◆ What is needed: Could you copy the data that follows exactly as written, but drop the pictures?

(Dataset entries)
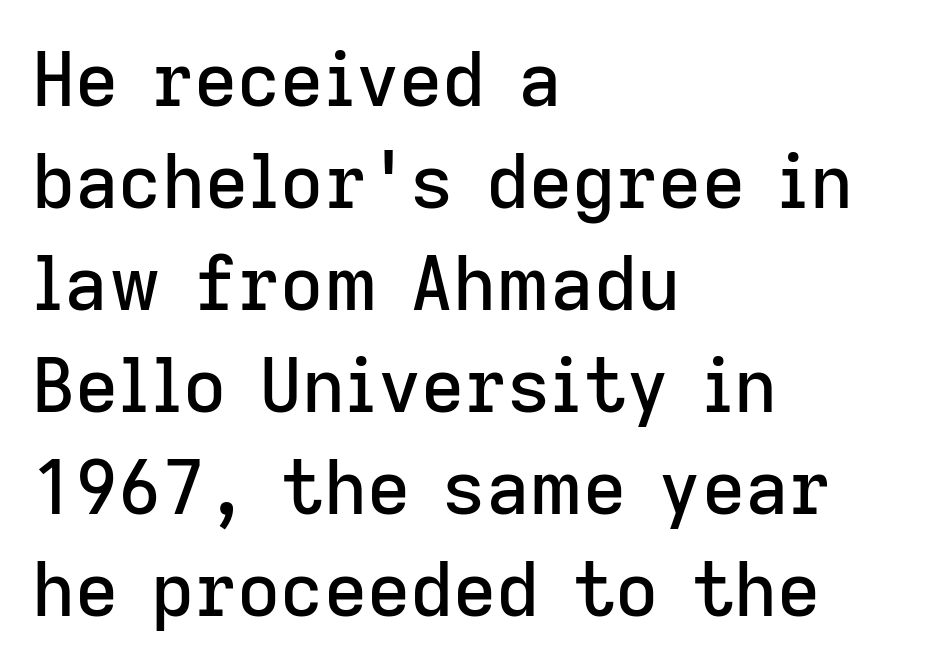
Q: Is the text italic (slanted)? A: No, it is upright.
Q: Is the typeface a serif or a sans-serif typeface? A: Sans-serif.
Q: Is the text underlined? A: No.
Q: How is the paragraph aligned? A: Left-aligned.
Q: Is the spacing between letters normal or unusually wide? A: Normal.
Q: Is the spacing between lines tight, normal or loose? A: Normal.
Q: Width (condensed, normal, or wide)? A: Normal.
Q: Stroke contrast? A: Low.
Q: x-height? A: Medium.
Q: Monospaced? A: No.

◆ Output:
Q: Is the text italic (slanted)? A: No, it is upright.
Q: Is the typeface a serif or a sans-serif typeface? A: Sans-serif.
Q: Is the text underlined? A: No.
Q: How is the paragraph aligned? A: Left-aligned.
Q: Is the spacing between letters normal or unusually wide? A: Normal.
Q: Is the spacing between lines tight, normal or loose? A: Normal.
Q: Width (condensed, normal, or wide)? A: Normal.
Q: Stroke contrast? A: Low.
Q: x-height? A: Medium.
Q: Monospaced? A: No.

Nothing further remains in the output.